Liang Ch‘i-ch‘ao1524414Gems of Chinese Literature — The Civilization of Japan1922Herbert Allen Giles

The reception of foreign learning by the Chinese people differs from its reception by the Japanese. Japan is a small country, and moreover possesses no learning which is really its own. Therefore, if such learning arrives from without, the Japanese rush to it as though on galloping horses, change as rapidly as echo follows sound, and in the twinkling of an eye the whole nation is transformed. However, a careful estimate of their capacity shows that they are really nothing more than mere imitators; they are in no sense able to add anything of their own or anything they may have themselves initiated.

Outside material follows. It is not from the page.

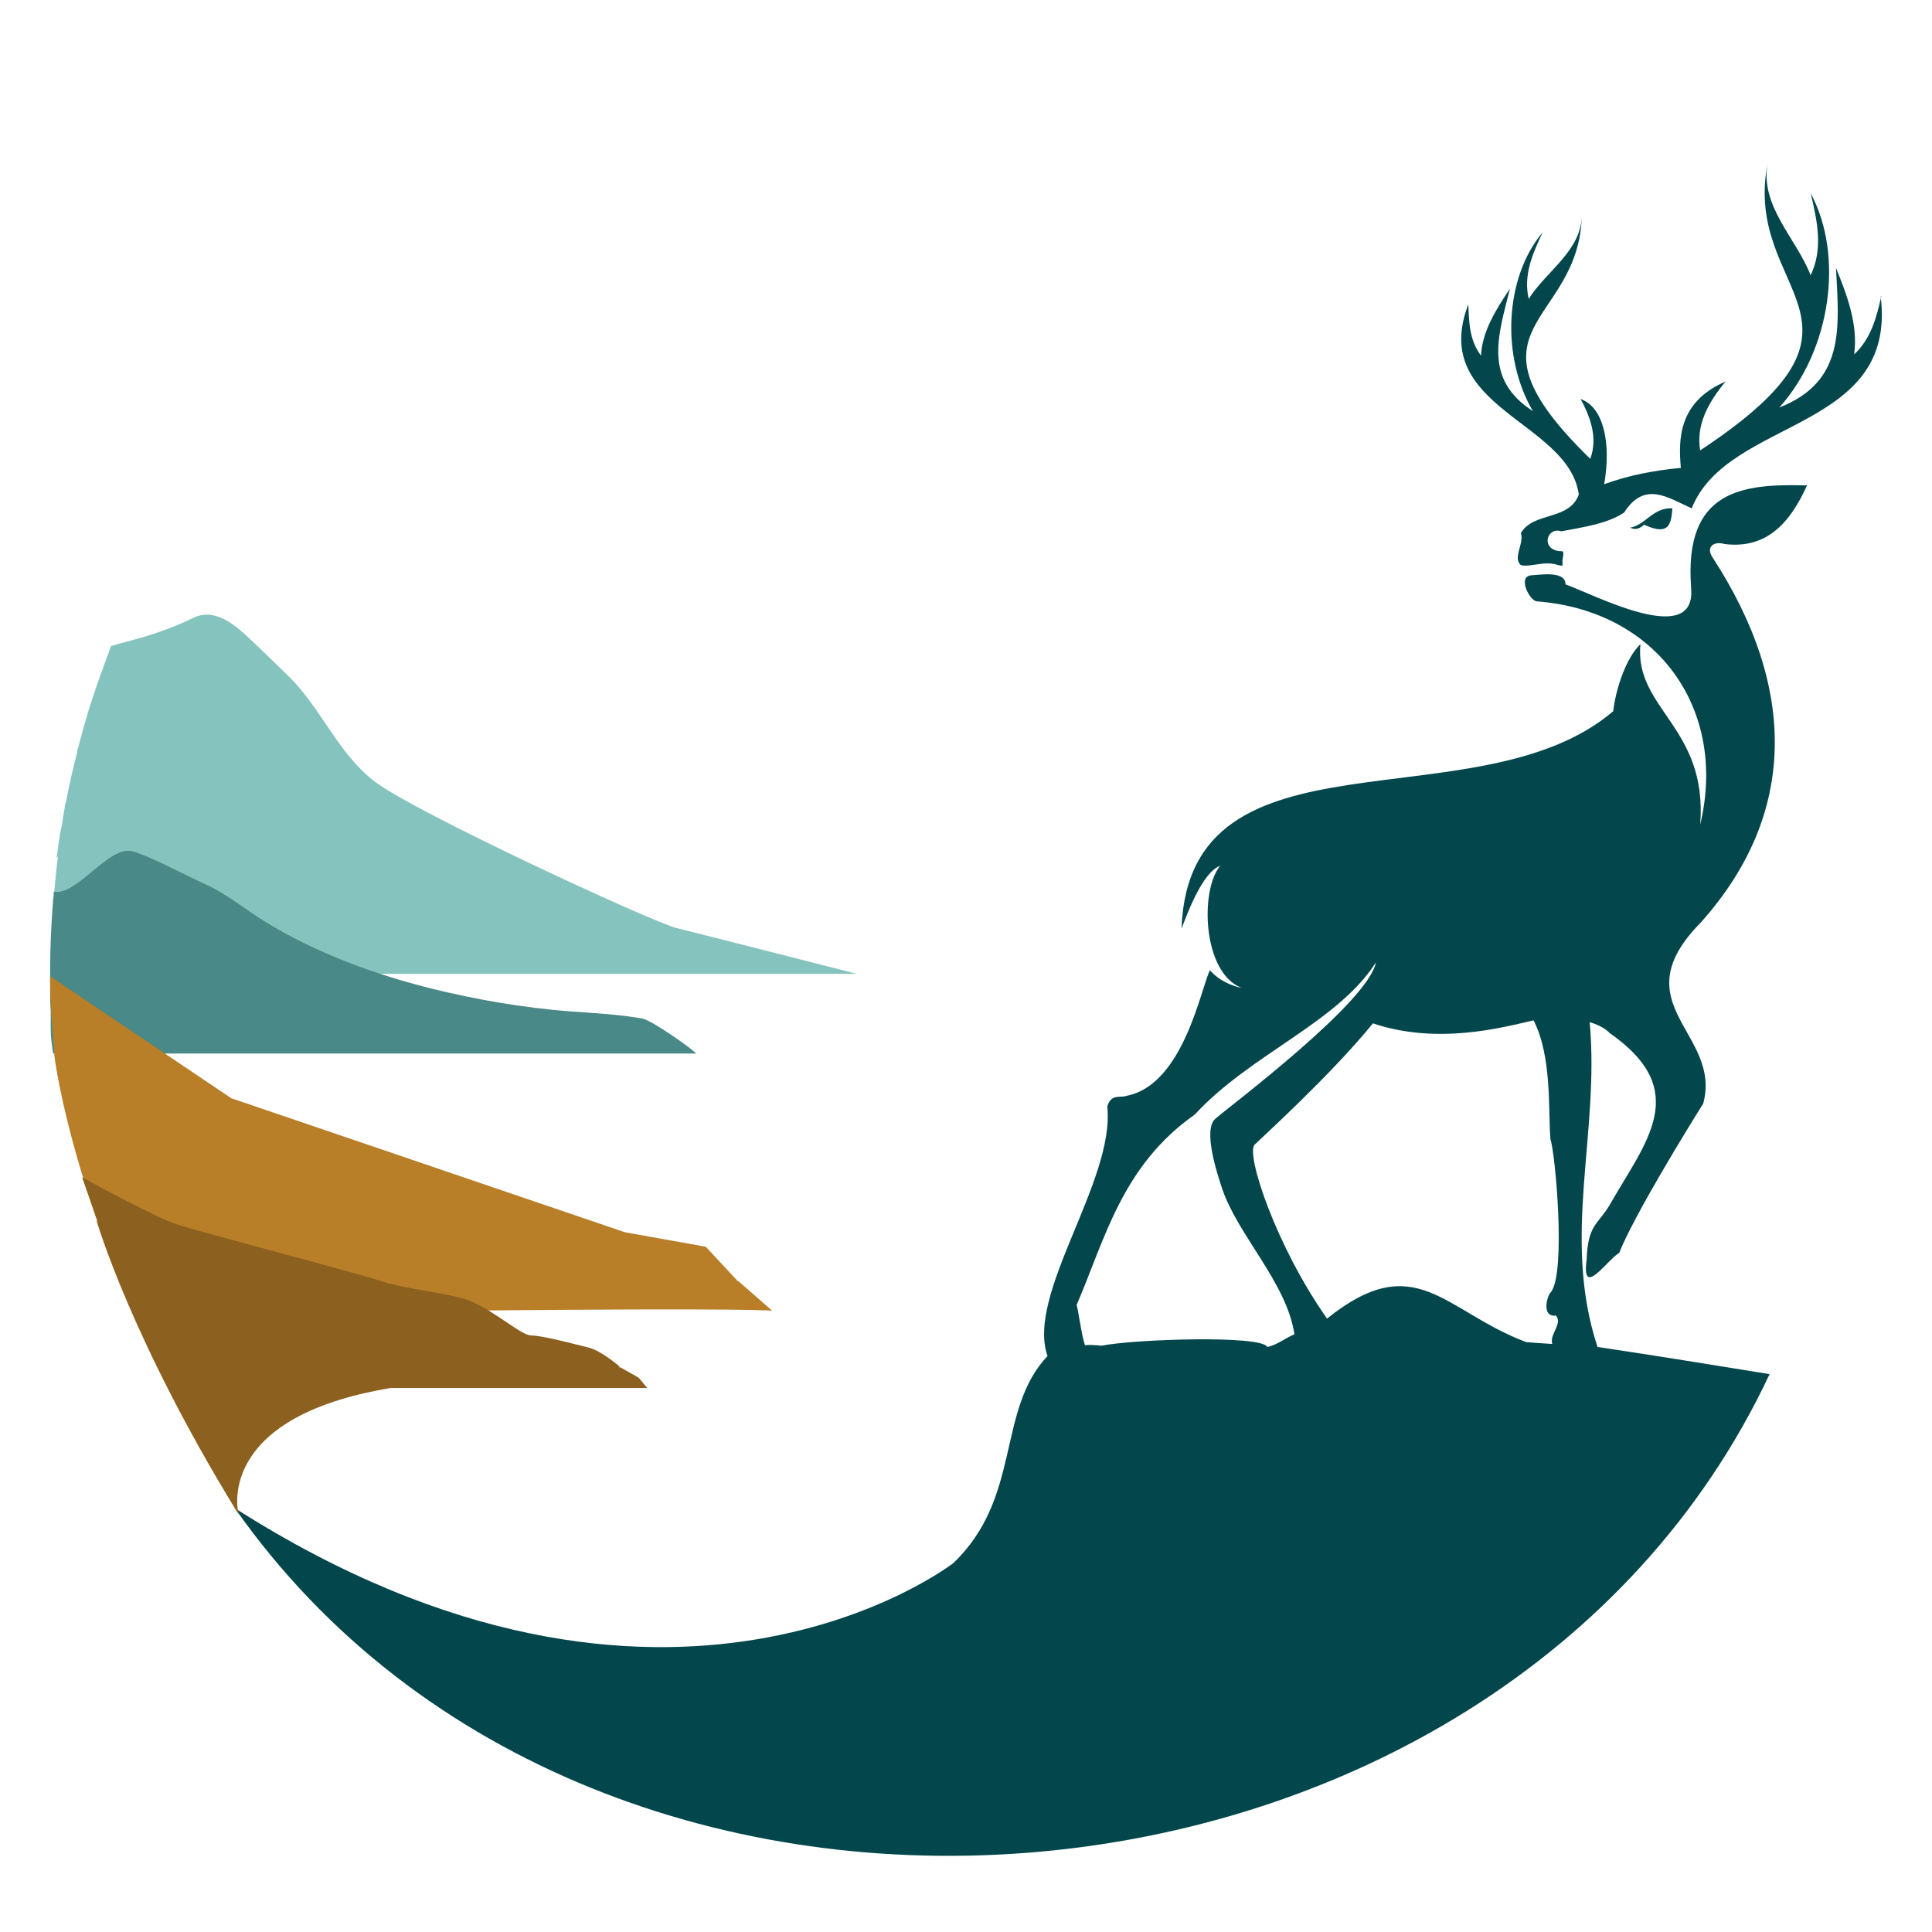 <?xml version="1.0" encoding="UTF-8"?><svg id="Final_logo" xmlns="http://www.w3.org/2000/svg" viewBox="0 0 32 32"><defs><style>.cls-1{fill:#85c3be;}.cls-1,.cls-2,.cls-3,.cls-4,.cls-5,.cls-6{stroke-width:0px;}.cls-2{fill:none;}.cls-3{fill:#498987;}.cls-4{fill:#8c601e;}.cls-5{fill:#03474c;}.cls-6{fill:#b87e28;}</style></defs><path class="cls-5" d="M27.23,8.69c.43.2.45-.03.47-.27-.32-.02-.45.28-.7.32.08.04.16.02.23-.05Z"/><path class="cls-5" d="M31.16,4.91c-.08.35-.17.7-.45.96.07-.49-.12-.99-.3-1.43.05.98.16,1.88-.94,2.31.85-.94,1.08-2.51.52-3.55.11.46.21.92,0,1.36-.24-.62-.85-1.15-.71-1.87-.44,2.2,2.18,2.59-1.12,4.77-.07-.42.13-.79.42-1.14-.79.34-.78.97-.74,1.43-.43.04-.86.12-1.27.27.12-.68-.01-1.28-.39-1.41.18.33.28.66.16.99-2.29-2.23-.17-2.19-.14-4.05,0,.6-.58.93-.88,1.4-.09-.39.06-.74.23-1.1-.63.75-.69,2.06-.16,2.96-.82-.53-.58-1.24-.38-2.03-.22.33-.46.7-.48,1.11-.19-.25-.2-.55-.21-.85-.66,1.72,1.66,1.93,1.83,3.15-.16.44-.75.28-.96.64.06.17-.14.41,0,.53.17.04.39-.08.62,0,.08.01.07.03.07-.05-.01-.07.06-.2-.04-.18-.33-.03-.22-.41.02-.33.31-.06.76-.12,1.04-.31.34-.53.72-.25,1.12-.07.6-1.51,3.41-1.26,3.13-3.51Z"/><path class="cls-5" d="M28.01,9.74c.09,1.01-1.62.1-2.08-.06,0-.23-.41-.16-.58-.15-.21.03-.02.41.1.43,2,.15,3.17,1.79,2.71,3.7.13-1.62-1.09-1.91-.99-2.99-.24.23-.41.75-.45,1.11-2.24,1.91-7.03.14-7.15,3.6.09-.23.34-.93.64-1.04-.34.41-.29,1.77.35,2.02-.02,0-.32-.06-.52-.29-.15.3-.44,1.9-1.38,2.08-.11.04-.26-.04-.32.18.13,1.23-1.35,3.1-.99,4.13-.85.9-.42,2.34-1.56,3.43,0,0-4.72,3.67-11.9-.91,6.06,8.64,20.96,7.28,25.42-2.22-.87-.14-1.84-.3-2.85-.45-.6-1.82.04-3.54-.13-5.38.24.07.33.18.33.18h0c1.38.96.59,1.81,0,2.85-.19.32-.36.32-.38.9-.09.66.33.02.54-.11.24-.61,1.15-2.09,1.39-2.47.32-1.17-1.38-1.64-.04-3,1.61-1.8,1.59-3.9.2-6.04-.13-.19.03-.28.19-.23.7.09,1.09-.35,1.37-.97-1.07-.03-2.04.07-1.92,1.69ZM20.99,22.31c-.09-.2-2.21-.13-2.75-.02,0,0-.12-.02-.27-.01-.06-.17-.12-.66-.14-.66.47-1.09.75-2.31,1.96-3.16.92-1,2.36-1.52,3-2.52-.13.66-2.38,2.35-2.66,2.59-.21.18.03.91.11,1.15.26.78,1.07,1.56,1.2,2.42-.15.06-.29.18-.45.21ZM25.28,22.23c-1.36-.51-1.83-1.57-3.3-.39-.84-1.19-1.35-2.72-1.2-2.88.11-.11,1.27-1.16,1.96-2.01,1.07.36,2.14.07,2.66-.05.31.6.24,1.49.28,1.97.08.22.26,2.2.01,2.53-.06.04-.17.42.08.39.12.13-.11.31-.06.47-.16-.01-.32-.02-.43-.03Z"/><path class="cls-1" d="M.94,14.21s0-.05.01-.08c.01-.09.02-.18.04-.27,0-.06.02-.11.03-.17.02-.1.03-.2.05-.3,0-.05.02-.09.03-.14.02-.11.04-.22.07-.33,0-.03.01-.07.02-.1.03-.12.06-.25.09-.37,0-.02,0-.04.01-.05.08-.3.16-.6.26-.89.09-.27.19-.54.29-.81.32-.1.72-.16,1.37-.47.31-.15.62.07.84.27.25.23.49.47.73.7.54.53.82,1.28,1.42,1.74.66.51,4.58,2.32,5,2.43.45.11,2.99.76,2.99.76-.88,0-3.7,0-4.57,0-1.27,0-2.54,0-3.8,0-.09,0-.18,0-.26,0-.15,0-.3.02-.45.03-.42-.14-.84-.28-1.27-.43-.18-.06-.35-.14-.53-.21-.27-.1-.53-.22-.81-.3-.38-.11-.76-.18-1.15-.27-.15-.03-.31-.06-.46-.08.02-.23.04-.46.07-.68Z"/><path class="cls-2" d="M10.61,16.98l.11.02s-.07-.01-.11-.02"/><path class="cls-3" d="M.83,16.42c0,.1,0,.2.01.32,0,.02,0,.05,0,.07,0,.04,0,.08,0,.12s0,.08,0,.12c0,.13.02.27.04.4h1.82c.52,0,1.02,0,1.49,0h7.34c-.04-.06-.73-.55-.89-.58-.4-.07-.81-.09-1.22-.12-.76-.06-1.51-.19-2.25-.37-.96-.24-1.9-.58-2.74-1.09-.35-.21-.65-.47-1.02-.64-.33-.15-.64-.32-.97-.46-.08-.03-.16-.07-.25-.09-.39-.1-.91.74-1.3.67,0,.04,0,.09-.01.13-.03.38-.05.78-.05,1.17,0,.04,0,.08,0,.12,0,.08,0,.15,0,.24"/><path class="cls-6" d="M12.22,21.22h0l-.53-.57-1.34-.24-6.52-2.22-3-2.02s0,.31.02.63c.02.27.04.54.05.65,0,0,0,0,0,0,0,0,0,0,0,.03,0,0,0,0,0,0h0c.04.36.56,3.61,3.06,7.59,0,0-1.4-3.31,3.57-3.36,4.98-.05,5.26,0,5.26,0l-.56-.49Z"/><path class="cls-4" d="M10.27,22.64s-.31-.27-.52-.32c-.21-.05-.76-.2-.95-.2s-.72-.52-1.19-.63c-.47-.11-.98-.16-1.33-.28-.35-.12-2.99-.81-3.35-.93-.37-.12-1.57-.78-1.57-.78l.41,1.17,1.97.74,4.06,1.22,2.2.09.28-.09Z"/><path class="cls-4" d="M9.11,22.48l-1.73-.78-1.67-.26-1.47-.21-1.38-.29-1.26-.72s.57,1.97,2.35,4.86c0,0-.43-1.6,2.52-2.09h4.25s-.14-.17-.14-.17l-.14-.08-.16-.09-.51-.09-.65-.07Z"/></svg>

Now China is not like that. China is a huge country with a learning of its own, which has been handed down for several thousand years and which is so well fortified by defences that foreign ideas do not easily find their way in. Even if they do get in, for many perhaps a hundred years their influence will not succeed in rumpling the hair of one’s head. It is like throwing ink into water. If the water is in a foot-wide bowl or in a ten-foot pool, the ink will very rapidly discolour it all; but if the same ink is thrown into a mighty rushing river or into the wide and deep ocean, can these be easily stained in the same way? Again, although China is not receptive of foreign learning, from what she does receive she makes a point of extracting all the excellences and adapting these to her own advantage. She transmutes the substance and etherializes its use, thus producing a new factor of civilization which is altogether her own. Her blue is thus bluer than the original indigo-blue of foreigners; her ice is colder than their water. Ah me! Deep mountains and wide marshes give birth indeed to dragons; but the footprints of our noble representative can never have been familiar to the small-sized gentlemen of the Country of Dwarfs.